A recent study published in JAMA explored the potential link between acetaminophen (commonly known as paracetamol) use during pregnancy and the risk of neurodevelopmental disorders in children. The study, conducted in Sweden and spanning from 1995 to 2019, aimed to shed light on whether prenatal acetaminophen exposure could be associated with conditions like autism, attention-deficit/hyperactivity disorder (ADHD), and intellectual disability.

The study involved a massive cohort of 2,480,797 children, with data collected from nationwide health registers. Researchers examined the use of acetaminophen during pregnancy, recorded from both antenatal and prescription records. The outcomes of interest were autism, ADHD, and intellectual disability, identified through the International Classification of Diseases codes in health registers.

The findings revealed that out of the total children studied, 185,909 were exposed to acetaminophen during pregnancy. Crude absolute risks at 10 years of age for autism, ADHD, and intellectual disability were slightly higher in children exposed to acetaminophen compared to those not exposed. However, when analysing the data without sibling controls, the study found marginally increased risks of autism, ADHD, and intellectual disability associated with acetaminophen use during pregnancy.

To delve deeper and address potential confounding factors, the researchers conducted analyses using matched full-sibling pairs. This approach found no evidence linking acetaminophen use during pregnancy with an increased risk of autism, ADHD, or intellectual disability. Additionally, there was no observed dose-response pattern in sibling control analyses, suggesting that varying levels of acetaminophen exposure did not influence the risk of neurodevelopmental disorders.

Dr. Viktor H. Ahlqvist, one of the lead authors of the study, emphasised the significance of these findings, stating, "Acetaminophen use during pregnancy was not associated with children's risk of autism, ADHD, or intellectual disability in sibling control analysis." He further noted, "This suggests that associations observed in other models may have been attributable to familial confounding."

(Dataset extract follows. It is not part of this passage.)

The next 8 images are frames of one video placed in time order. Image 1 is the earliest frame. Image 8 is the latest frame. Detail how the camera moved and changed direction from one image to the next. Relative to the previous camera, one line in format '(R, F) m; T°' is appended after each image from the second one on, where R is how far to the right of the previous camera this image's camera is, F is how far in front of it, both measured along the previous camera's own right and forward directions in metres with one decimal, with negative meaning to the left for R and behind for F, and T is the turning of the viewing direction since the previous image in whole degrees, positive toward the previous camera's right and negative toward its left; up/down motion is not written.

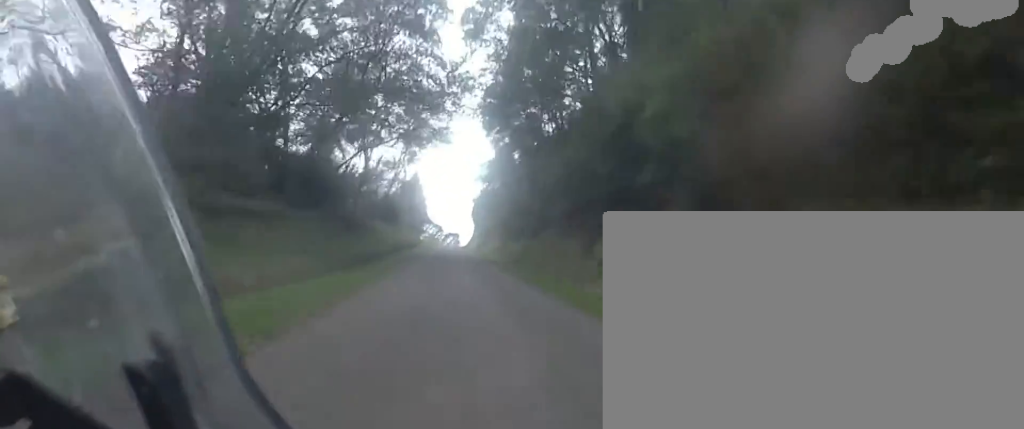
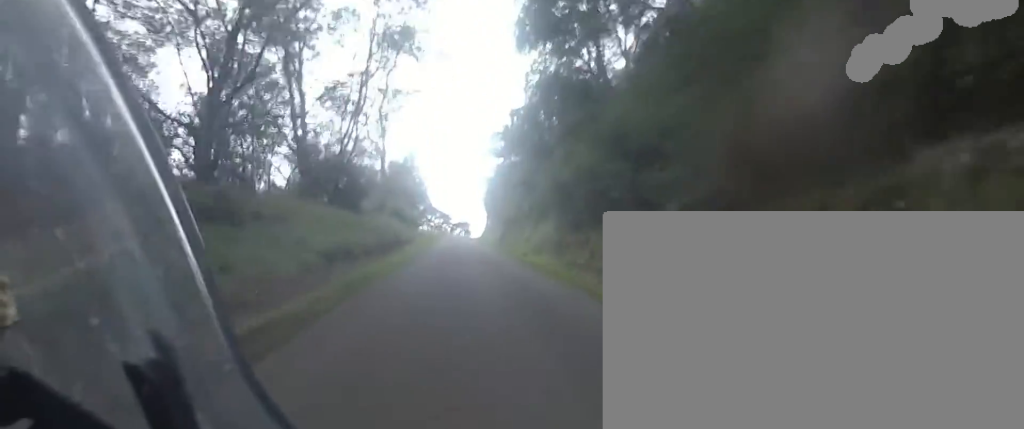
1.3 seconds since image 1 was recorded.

The study's co-author, Dr. Christina Dalman, echoed these sentiments, highlighting the importance of considering familial factors in studies examining prenatal exposures. "Our findings underscore the importance of utilising robust methodologies, such as sibling control analyses, to account for familial confounding," she stated.

The implications of this research are substantial, particularly for pregnant individuals and healthcare providers. If acetaminophen use during pregnancy posed a significant risk to neurodevelopmental outcomes in children, it would have warranted reconsideration of its use for pain and fever management during pregnancy. However, the study's findings provide reassurance that such concerns may not be warranted.

Dr. Renee M. Gardner, another co-author of the study, emphasised the need for continued research in this area. "While our study contributes valuable insights, further research is needed to fully understand the potential effects of prenatal acetaminophen exposure on child neurodevelopment," she remarked.

The study's sibling control analyses suggest that acetaminophen use during pregnancy is not associated with an increased risk of autism, ADHD, or intellectual disability in children. These findings offer valuable reassurance to pregnant individuals and healthcare providers, emphasising the importance of robust methodologies in assessing prenatal exposures and their potential effects on child health.